*** Input records ***

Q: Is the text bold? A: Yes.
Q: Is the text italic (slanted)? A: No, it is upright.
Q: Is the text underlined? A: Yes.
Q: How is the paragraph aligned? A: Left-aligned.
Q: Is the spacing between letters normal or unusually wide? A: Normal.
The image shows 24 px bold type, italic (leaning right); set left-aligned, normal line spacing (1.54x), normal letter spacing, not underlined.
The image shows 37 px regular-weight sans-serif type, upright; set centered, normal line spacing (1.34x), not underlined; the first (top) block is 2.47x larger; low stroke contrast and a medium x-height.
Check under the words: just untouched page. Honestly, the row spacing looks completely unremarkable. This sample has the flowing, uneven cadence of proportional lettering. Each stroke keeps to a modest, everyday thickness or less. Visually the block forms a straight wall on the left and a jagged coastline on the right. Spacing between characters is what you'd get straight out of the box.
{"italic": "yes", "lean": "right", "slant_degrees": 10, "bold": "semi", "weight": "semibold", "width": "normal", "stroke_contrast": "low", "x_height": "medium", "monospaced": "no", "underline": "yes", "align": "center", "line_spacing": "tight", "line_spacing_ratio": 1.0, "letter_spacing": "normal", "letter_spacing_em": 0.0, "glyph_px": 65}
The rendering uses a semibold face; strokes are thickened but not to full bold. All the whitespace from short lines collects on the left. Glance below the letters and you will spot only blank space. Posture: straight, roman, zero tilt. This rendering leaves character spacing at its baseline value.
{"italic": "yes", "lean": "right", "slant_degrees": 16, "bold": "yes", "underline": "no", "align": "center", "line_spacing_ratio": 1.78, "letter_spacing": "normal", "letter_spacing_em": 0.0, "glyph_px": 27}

*** End of Input records ***
*** Input records ***

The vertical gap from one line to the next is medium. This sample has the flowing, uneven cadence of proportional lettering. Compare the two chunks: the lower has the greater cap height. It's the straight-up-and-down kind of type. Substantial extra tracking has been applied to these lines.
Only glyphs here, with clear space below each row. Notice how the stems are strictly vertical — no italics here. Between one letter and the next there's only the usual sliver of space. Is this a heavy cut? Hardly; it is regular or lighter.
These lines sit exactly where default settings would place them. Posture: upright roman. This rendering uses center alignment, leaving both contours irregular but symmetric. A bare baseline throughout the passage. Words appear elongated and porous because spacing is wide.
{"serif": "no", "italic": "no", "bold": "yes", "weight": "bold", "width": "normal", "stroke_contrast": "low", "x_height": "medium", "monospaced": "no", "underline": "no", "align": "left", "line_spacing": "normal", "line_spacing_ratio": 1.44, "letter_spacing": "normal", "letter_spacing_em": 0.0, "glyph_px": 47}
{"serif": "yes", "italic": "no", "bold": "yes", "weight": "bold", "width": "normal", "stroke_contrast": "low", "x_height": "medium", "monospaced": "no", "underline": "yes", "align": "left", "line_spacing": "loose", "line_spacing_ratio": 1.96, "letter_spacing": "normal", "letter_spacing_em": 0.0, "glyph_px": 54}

*** End of Input records ***

Which lines above contain the word "text"? List them.

Q: Is the text bold? A: Yes.
Q: Is the text italic (slanted)? A: No, it is upright.
Q: Is the text underlined? A: Yes.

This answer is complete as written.